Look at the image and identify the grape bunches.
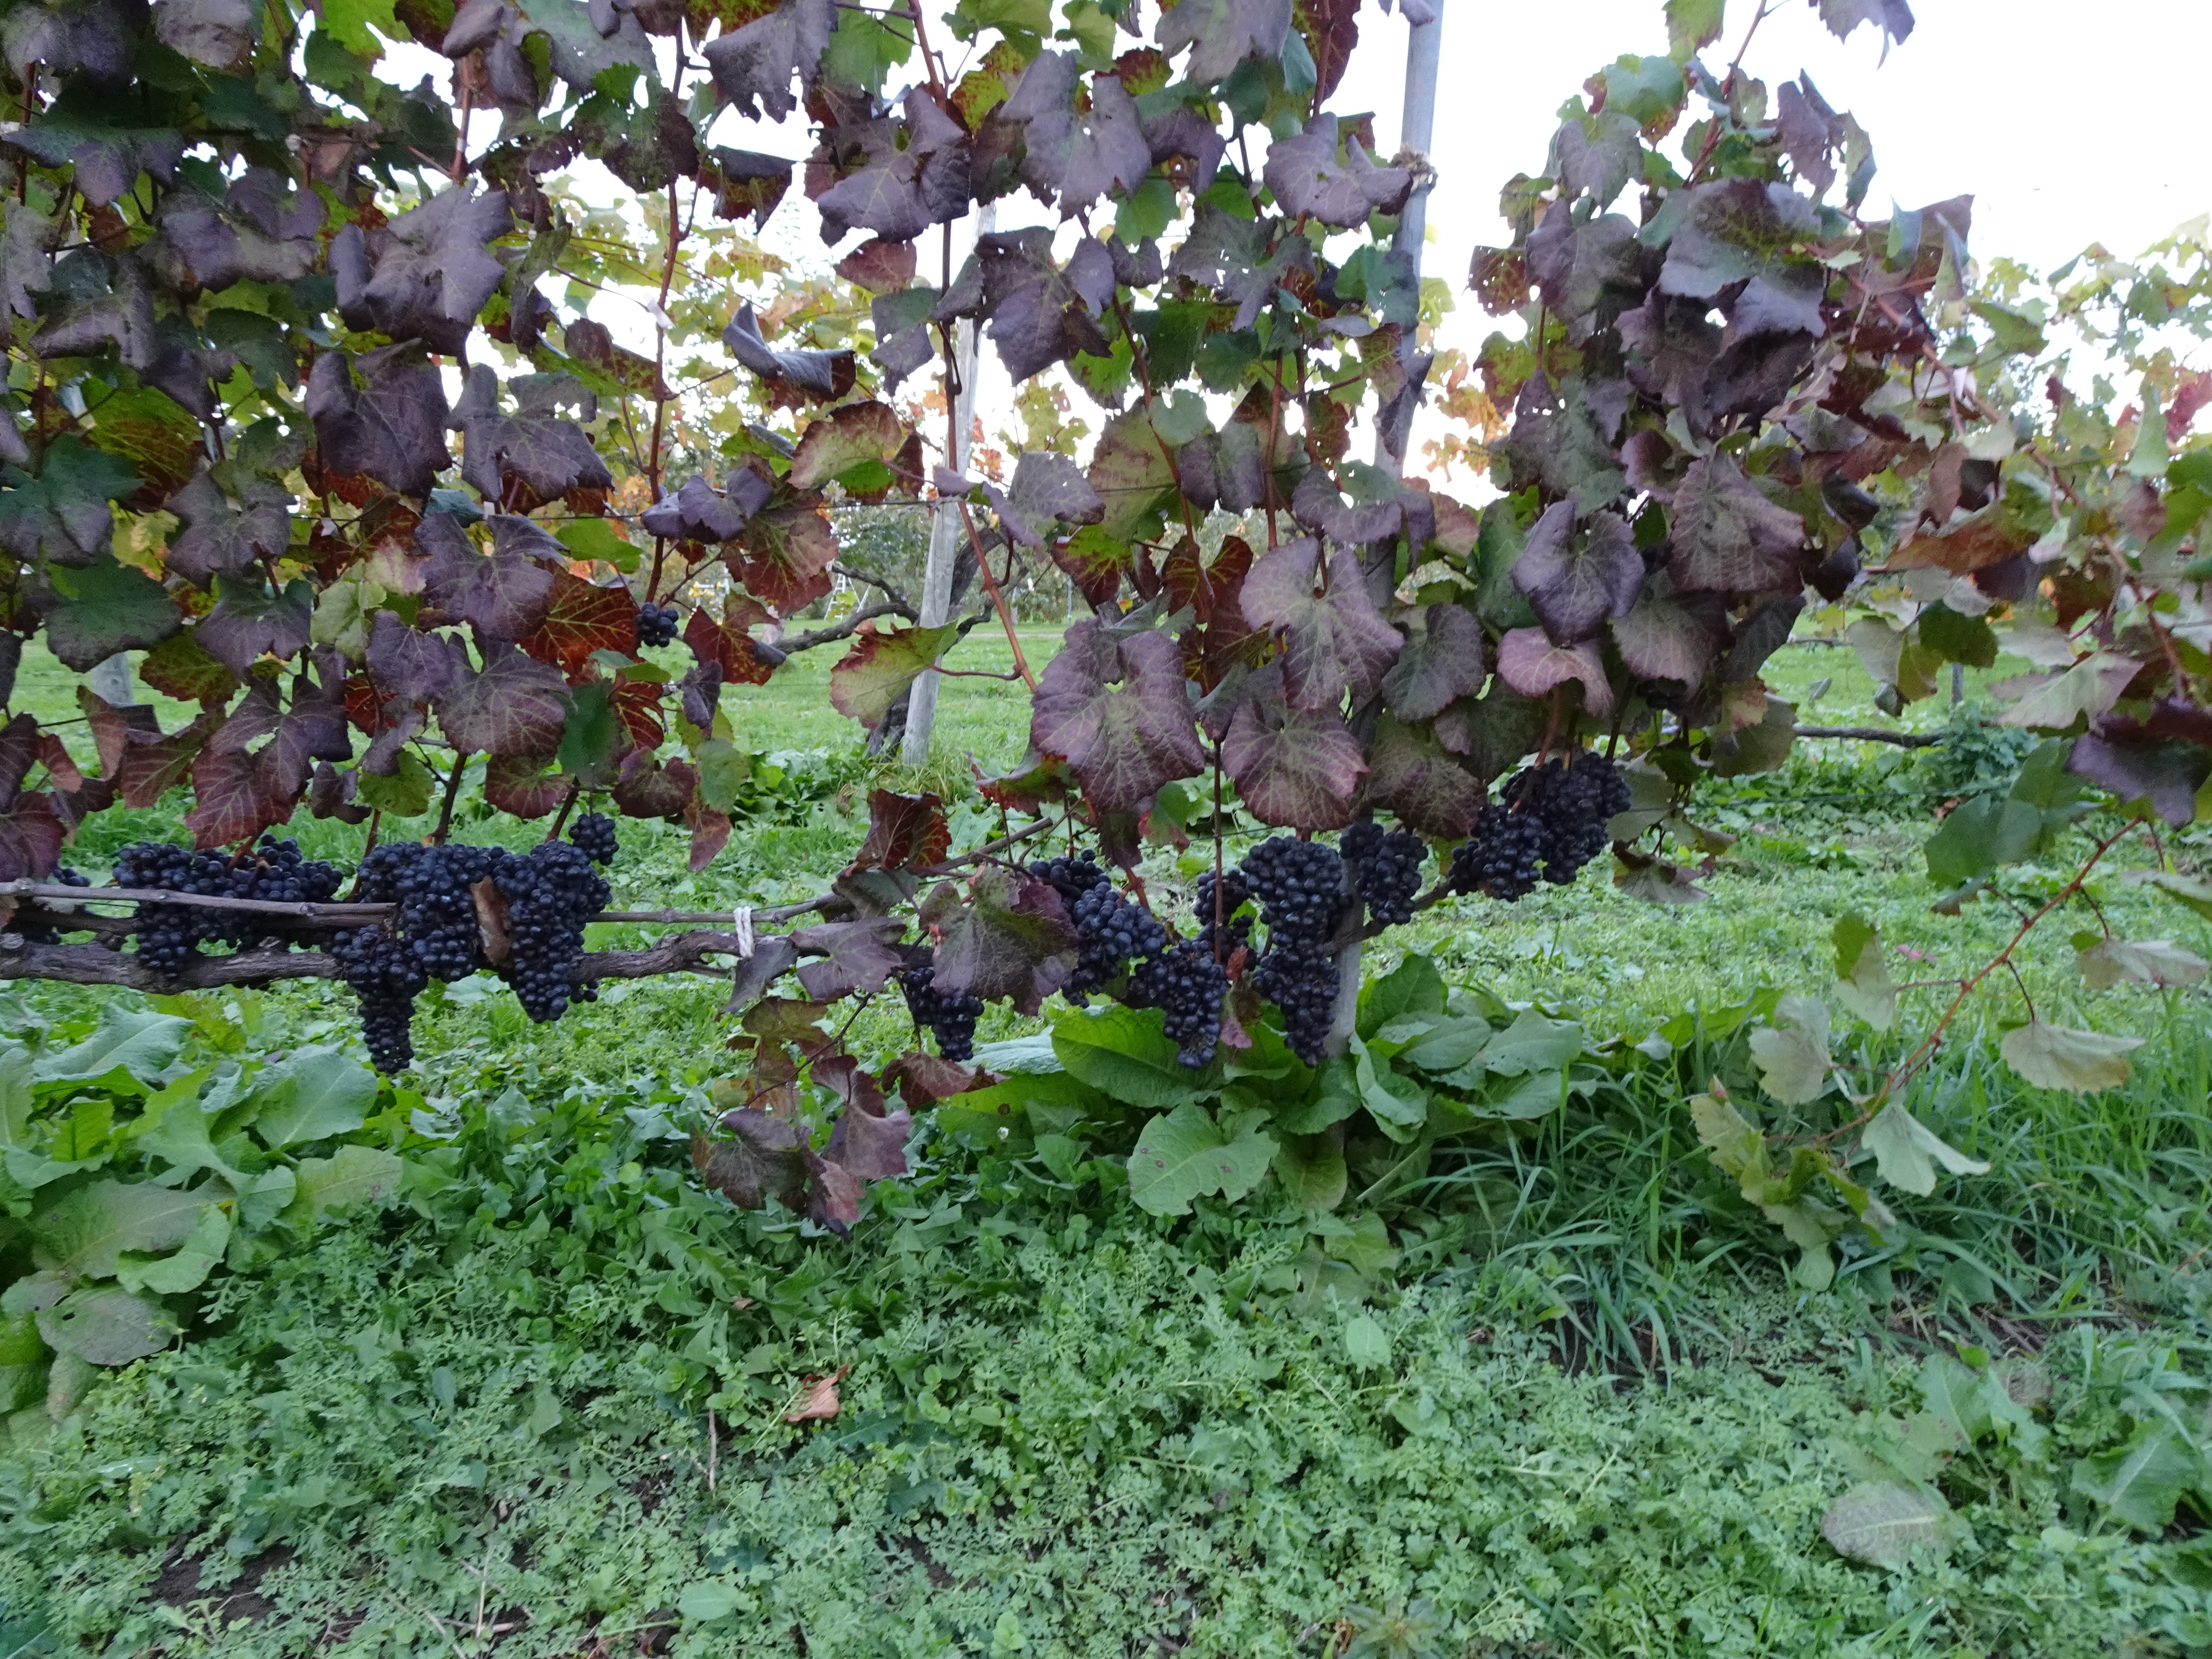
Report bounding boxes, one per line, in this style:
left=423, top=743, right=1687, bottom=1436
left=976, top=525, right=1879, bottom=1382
left=1242, top=943, right=1341, bottom=1068
left=1632, top=672, right=1685, bottom=716
left=1074, top=882, right=1165, bottom=1002
left=828, top=903, right=872, bottom=933
left=1188, top=865, right=1260, bottom=970
left=565, top=810, right=624, bottom=867
left=1138, top=941, right=1229, bottom=1072
left=111, top=839, right=227, bottom=898
left=228, top=833, right=346, bottom=950
left=316, top=926, right=426, bottom=1078
left=1235, top=834, right=1354, bottom=954
left=354, top=837, right=434, bottom=907
left=138, top=905, right=195, bottom=986
left=1336, top=819, right=1433, bottom=934
left=1542, top=740, right=1635, bottom=887
left=389, top=844, right=502, bottom=986
left=631, top=599, right=682, bottom=656
left=1028, top=850, right=1117, bottom=1014
left=502, top=840, right=618, bottom=1025
left=199, top=907, right=275, bottom=996
left=1442, top=802, right=1549, bottom=905
left=900, top=962, right=983, bottom=1065
left=47, top=863, right=124, bottom=951
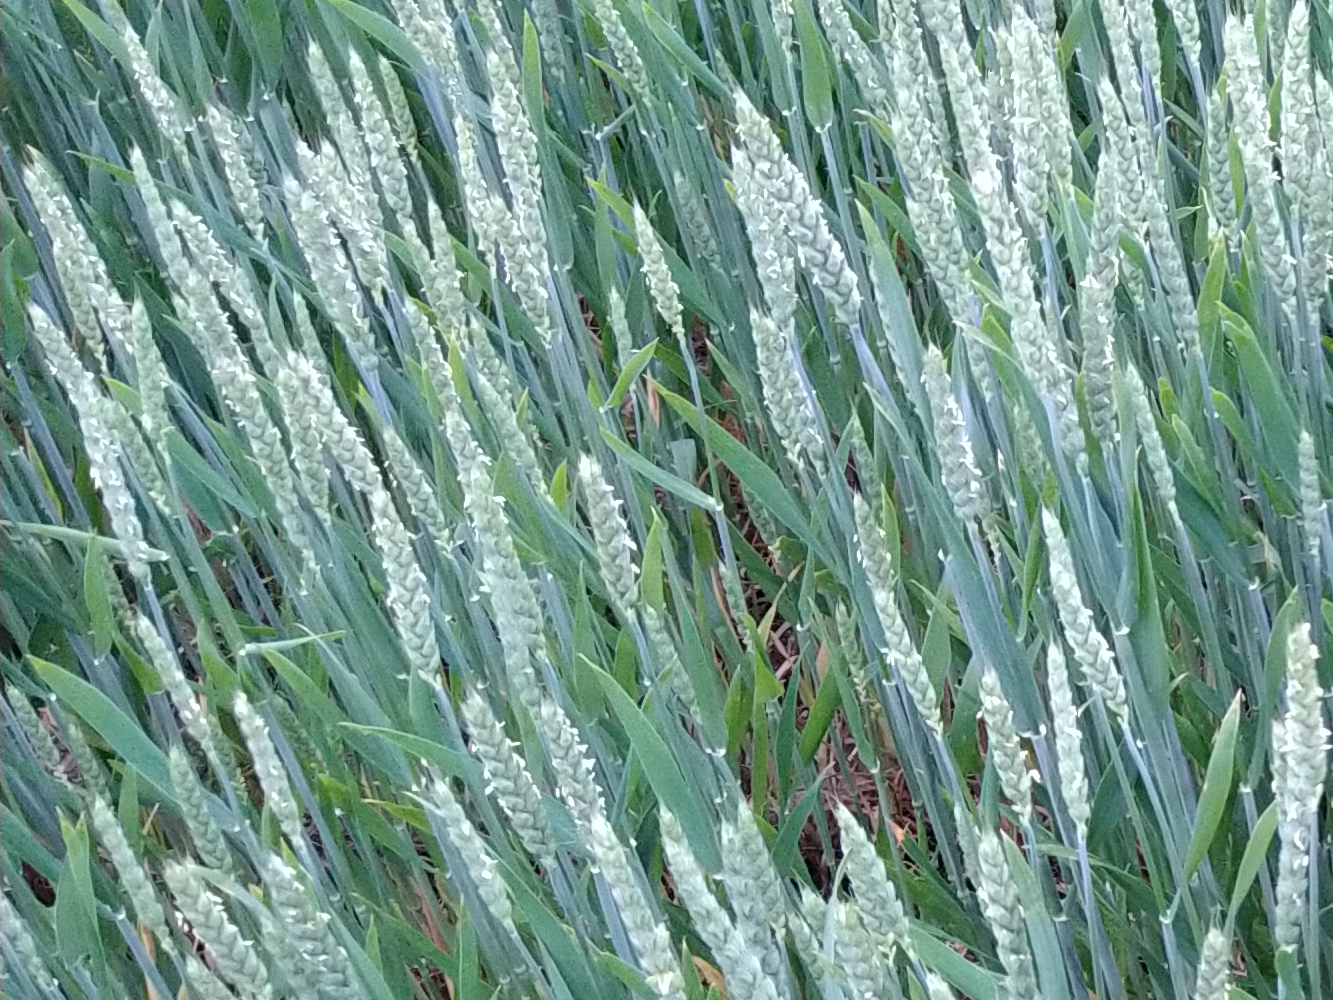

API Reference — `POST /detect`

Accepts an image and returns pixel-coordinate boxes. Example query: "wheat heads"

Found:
[1243,150,1297,310]
[1315,75,1333,211]
[807,891,836,936]
[272,699,329,777]
[370,495,442,678]
[98,0,193,162]
[1206,94,1237,234]
[519,0,567,83]
[874,0,902,84]
[837,603,873,706]
[236,271,286,377]
[889,112,938,220]
[171,204,239,310]
[263,858,361,1000]
[429,199,466,338]
[979,671,1031,818]
[1191,929,1231,1000]
[1138,0,1200,56]
[134,618,211,751]
[970,161,1049,378]
[487,199,551,341]
[976,832,1041,1000]
[89,799,170,941]
[293,293,330,382]
[610,290,632,366]
[380,56,418,155]
[1099,0,1150,139]
[346,144,386,290]
[233,693,304,847]
[835,802,912,940]
[738,791,782,929]
[927,975,980,1000]
[278,372,330,519]
[926,73,954,173]
[633,204,683,327]
[1115,0,1162,79]
[304,192,368,325]
[168,748,236,882]
[23,170,92,285]
[1298,432,1322,548]
[1010,21,1049,222]
[401,223,446,318]
[459,700,558,860]
[372,0,436,66]
[874,949,904,1000]
[164,867,275,1000]
[288,355,379,488]
[1303,153,1332,313]
[104,402,171,510]
[1099,81,1147,236]
[78,380,107,489]
[444,418,497,572]
[1266,0,1284,74]
[283,183,350,342]
[1026,0,1057,44]
[1041,513,1129,720]
[1014,402,1047,489]
[955,806,981,884]
[807,0,843,54]
[1271,800,1312,948]
[926,0,993,128]
[405,304,458,418]
[209,749,251,806]
[486,559,549,671]
[1044,343,1086,459]
[939,38,993,180]
[430,782,516,933]
[1222,17,1253,152]
[349,52,414,221]
[491,99,544,262]
[1282,1,1314,199]
[537,708,607,873]
[1128,367,1179,524]
[741,484,785,561]
[850,496,890,595]
[471,321,521,415]
[757,0,794,49]
[99,439,151,581]
[302,147,385,276]
[186,275,247,373]
[589,0,651,99]
[7,689,73,783]
[487,512,548,660]
[776,326,823,455]
[486,56,543,193]
[788,915,826,981]
[1020,13,1072,190]
[885,0,925,93]
[207,110,266,241]
[474,376,546,495]
[1145,187,1201,352]
[212,363,302,540]
[100,559,136,635]
[701,903,799,1000]
[34,162,132,350]
[0,890,55,986]
[382,431,449,548]
[53,243,106,355]
[835,909,865,1000]
[927,166,969,274]
[749,313,800,469]
[185,958,276,1000]
[734,100,861,320]
[675,173,721,266]
[1242,14,1263,119]
[588,820,686,1000]
[659,812,719,929]
[921,350,999,539]
[578,457,639,612]
[812,0,884,104]
[405,0,460,70]
[849,417,884,518]
[894,81,939,160]
[455,119,495,261]
[1079,281,1117,440]
[171,296,210,361]
[28,307,102,410]
[129,147,187,290]
[469,0,521,89]
[307,43,364,168]
[1271,722,1286,823]
[840,833,894,955]
[719,563,753,645]
[68,722,112,805]
[876,586,943,728]
[1047,644,1091,825]
[131,303,171,451]
[220,110,268,183]
[1089,152,1120,294]
[732,154,798,322]
[721,817,780,999]
[1305,93,1321,176]
[1285,625,1328,810]
[641,605,701,719]
[994,31,1015,133]
[958,304,996,396]
[906,199,954,303]

┄┄┄┄┄┄┄┄┄┄

**ACTION ITEM**.
Please transcribe exactly the lines from the start of the records through the line containing "Accepts an image", leaving the pictures out.

**PROBLEM SOLUTION**.
Look at the image and identify the grape bunches.
Report bounding boxes, one per line, in this style:
left=423, top=743, right=1687, bottom=1436
left=976, top=525, right=1879, bottom=1382
left=1242, top=943, right=1341, bottom=1068
left=1632, top=672, right=1685, bottom=716
left=1074, top=882, right=1165, bottom=1002
left=828, top=903, right=872, bottom=933
left=1188, top=865, right=1260, bottom=970
left=565, top=810, right=624, bottom=867
left=1138, top=941, right=1229, bottom=1072
left=111, top=839, right=227, bottom=898
left=228, top=833, right=346, bottom=950
left=316, top=926, right=426, bottom=1078
left=1235, top=834, right=1354, bottom=954
left=354, top=837, right=434, bottom=907
left=138, top=905, right=195, bottom=986
left=1336, top=819, right=1433, bottom=934
left=1542, top=740, right=1635, bottom=887
left=389, top=844, right=502, bottom=986
left=631, top=599, right=682, bottom=656
left=1028, top=850, right=1117, bottom=1014
left=502, top=840, right=618, bottom=1025
left=199, top=907, right=275, bottom=996
left=1442, top=802, right=1549, bottom=905
left=900, top=962, right=983, bottom=1065
left=47, top=863, right=124, bottom=951

API Reference — `POST /detect`

Accepts an image and returns pixel-coordinate boxes. Example query: "wheat heads"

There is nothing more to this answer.